But of course it starts with the packing row.  Everyone has a camping packing row.  It comes with the turf.   Because the camping pack-up always requires two people.  You to gather all the stuff, him to pack it in the car.  It goes something like this…

Him:  ‘What on earth are you doing???  The car is FULL.  What is all this STUFF???  There’s no room.  We’re ready to go.’
You: ‘We’re not even remotely ready.  There’s still all the kitchen stuff to put in as well.’
Him: ‘What kitchen stuff?’
You:  ‘Du-uh! Cutlery, plates, bowl, cereal, tea bags.  You know, all the stuff.  And all the bedding too.’
Him:  ‘Bedding!  Bedding!  Jesus Christ, woman!  Who do you think I am?  Houdini?  There’s NO ROOM.  You could have told me before.’
You:  ‘If you paid even the slightest bit of attention, then you’d know we’re only a quarter of the way there on packing.’
Him:  ‘What! What!  Oh my God!  What is that HUGE bag?’
You: ‘Clothes!’
Him: ‘Clothes???  What clothes do you need?  It’s camping for God’s sake, not a fashion show.’
You:  ‘Believe me.  This is the bare minimum.  Pyjamas for all three kids, spare knickers, socks, jeans, jumpers, swimming stuff, shorts, t-shirts, hot weather gear, wet weather gear.  For your information, I’m only taking one change of clothes.’
Him:  ‘Ahhhhhh!  You’re deliberately sabotaging the packing.  Now I’m going to have to reconfigure the boot.  And you know damn well that if we don’t leave in half an hour we’ll get snarled up on the M25.’

Sound familiar?

But I think camping is worth it, in the end.  Even just for the weekend.  By the time we got there, hot and bothered with the kids sweating under piles of pillows and towels, the packing row had receded and excitement had taken over.  Out came the tent and the table and chairs and we set up our home from home.

Soon my Blackberry had run out of juice and the outside world seemed like a far off country.  The kids had shot off, already forming gangs, whilst we sat back in the camping chairs with a beer and our gang of mates to do some serious people-watching.  We effortlessly took it in turns to watch the kids whilst we went off to explore the music tents and came back to the late night campfire to giggle – especially at the saucy silhouettes of some amorous campers in their tents.

Fortunately we were mostly blessed with the weather, until the last day when we had to pack up in the torrential rain, so the house is now full of soggy tent and bags of muddy clothes.

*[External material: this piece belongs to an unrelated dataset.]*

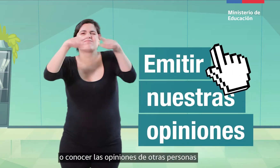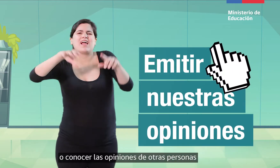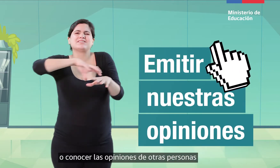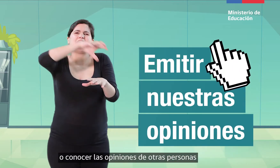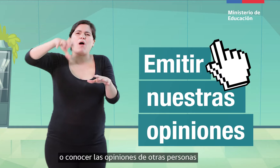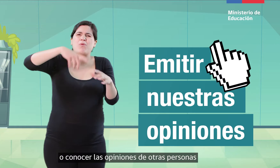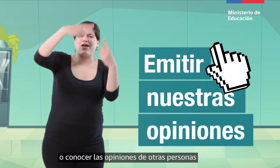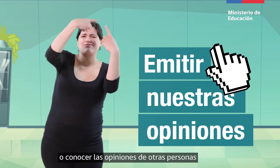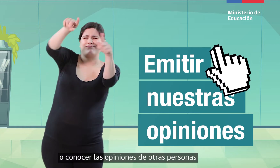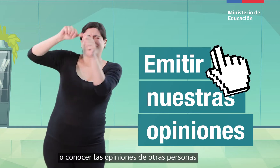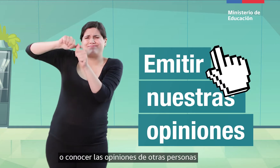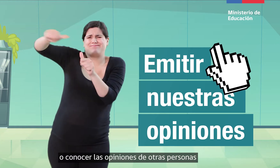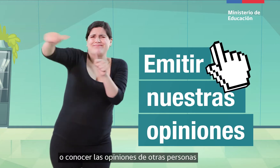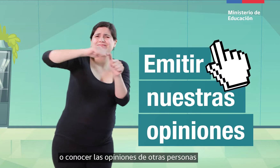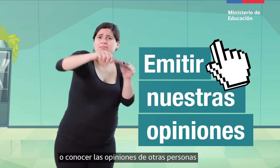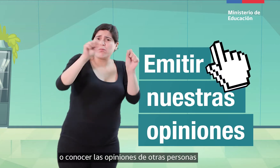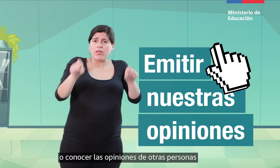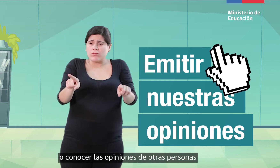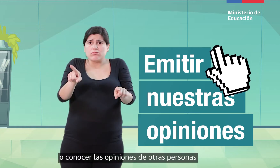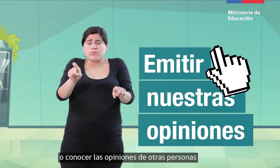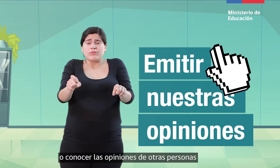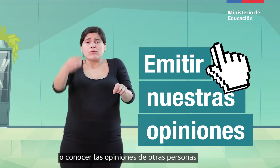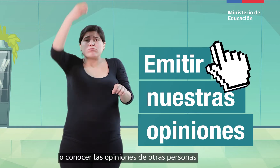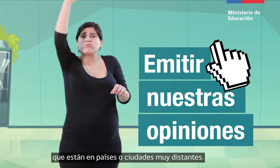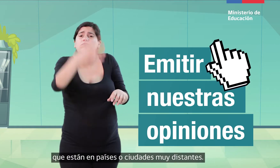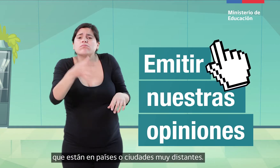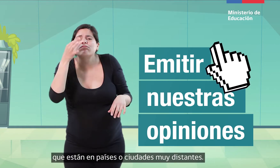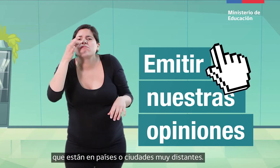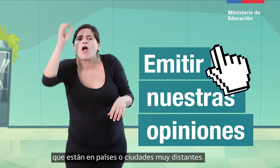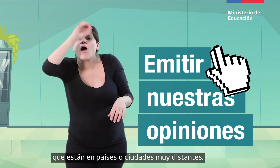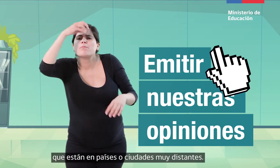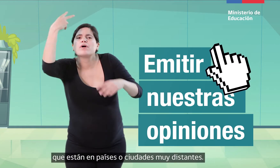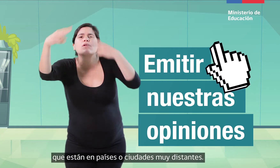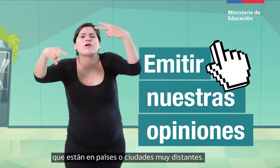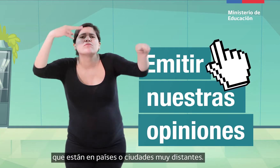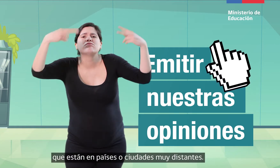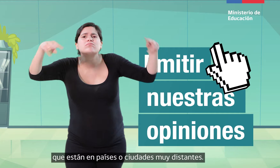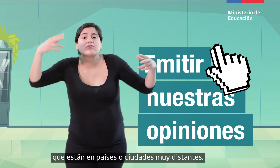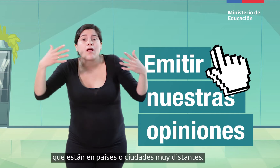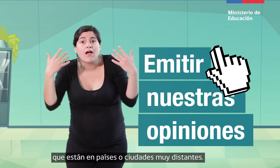conocer las opiniones de otras personas que están en países o ciudades muy distantes.

My beloved spouse had to reluctantly admit that we did, in fact, use every single item we took with us.  But he still didn’t help un-pack. Except for the car, of course. Just the same as my Dad always did. And his Dad before him. Because – just like the loft, according to the comedian Michael McIntyre – that’s a male preserve, where the real hard work’s done.  As if.